Being a successful Dean is a noteworthy achievement but Dr. Kelleher is clearly a bit of an overachiever: he was Dean of Imperial College and the Lee Kong Chian simultaneously (on two continents)! Furthermore, during this tenure he oversaw the renewal of Imperial’s designation as one of only five Academic Health Sciences Centres in the UK and led the teams that secured Imperial College’s highest ever ranking in the Research Excellence Framework.

Dr. Kelleher is also a member of the London Health Commission and has founding membership of MedCity, a collaboration between the Mayor of London, Imperial College, King's College and University College London aimed at promoting life sciences investment, entrepreneurship and industry. He has served as President of the Federation of European Academies of Medicine and is a Non-Executive Director of ICON plc, one of the leading global clinical research organisations.

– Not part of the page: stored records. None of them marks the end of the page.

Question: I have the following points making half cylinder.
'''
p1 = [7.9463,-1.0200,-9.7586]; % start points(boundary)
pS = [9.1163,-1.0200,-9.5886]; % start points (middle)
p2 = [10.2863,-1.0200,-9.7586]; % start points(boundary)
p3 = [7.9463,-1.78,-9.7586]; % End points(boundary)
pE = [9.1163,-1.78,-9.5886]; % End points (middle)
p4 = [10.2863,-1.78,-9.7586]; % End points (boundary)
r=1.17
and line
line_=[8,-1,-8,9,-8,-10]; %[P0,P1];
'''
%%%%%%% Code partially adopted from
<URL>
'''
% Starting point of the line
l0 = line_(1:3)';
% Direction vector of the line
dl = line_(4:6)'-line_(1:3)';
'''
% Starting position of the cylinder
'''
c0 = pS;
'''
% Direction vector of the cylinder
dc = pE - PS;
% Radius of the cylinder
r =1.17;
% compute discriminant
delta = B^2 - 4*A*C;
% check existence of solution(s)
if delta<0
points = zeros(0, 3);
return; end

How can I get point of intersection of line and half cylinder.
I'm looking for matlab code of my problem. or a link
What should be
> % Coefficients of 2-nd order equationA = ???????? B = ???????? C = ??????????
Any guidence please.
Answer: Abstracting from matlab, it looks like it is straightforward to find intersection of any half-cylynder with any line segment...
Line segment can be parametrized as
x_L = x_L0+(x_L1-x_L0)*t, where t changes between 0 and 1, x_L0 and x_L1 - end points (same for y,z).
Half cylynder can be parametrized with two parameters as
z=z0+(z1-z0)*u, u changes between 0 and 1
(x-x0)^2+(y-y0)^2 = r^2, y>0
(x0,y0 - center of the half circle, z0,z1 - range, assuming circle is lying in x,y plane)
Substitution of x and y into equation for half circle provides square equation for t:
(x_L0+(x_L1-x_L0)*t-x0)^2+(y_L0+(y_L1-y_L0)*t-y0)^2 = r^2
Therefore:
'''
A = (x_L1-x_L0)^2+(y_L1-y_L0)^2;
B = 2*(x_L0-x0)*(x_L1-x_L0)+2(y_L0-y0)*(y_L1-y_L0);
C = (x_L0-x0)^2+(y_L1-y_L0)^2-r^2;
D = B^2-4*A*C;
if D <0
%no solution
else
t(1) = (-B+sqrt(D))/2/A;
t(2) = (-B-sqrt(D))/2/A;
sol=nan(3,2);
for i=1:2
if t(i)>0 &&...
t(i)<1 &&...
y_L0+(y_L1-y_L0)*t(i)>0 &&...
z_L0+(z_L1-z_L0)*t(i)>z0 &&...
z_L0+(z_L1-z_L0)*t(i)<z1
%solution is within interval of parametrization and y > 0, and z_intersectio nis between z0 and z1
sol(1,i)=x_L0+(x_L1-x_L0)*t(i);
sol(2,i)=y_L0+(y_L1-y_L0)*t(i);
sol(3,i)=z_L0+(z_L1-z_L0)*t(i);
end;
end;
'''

On top of all this, Dr. Kelleher fancies himself as a premier footballer, having represented Ireland in the 2015 and 2016 World Medical Football Federation Championship. He has not yet scored a winning goal but I have no doubt he will get there. After all, his motto is “never take no for an answer”. By this, he doesn’t persist by banging his head against walls; instead he finds creative ways around them. So when his Irish Medical Federation football team no longer wanted him, he just joined the Masters team. Dr. Kelleher recognises that having a great team is key to success and in addition to his many collaborators, he credits his wife Jean, his children, the Fajgendaums and the rest of his Trini family for their unwavering support… and last, but not least, all the spicy food, tropical music, patience, kindness and love from his inspirational Trini mother.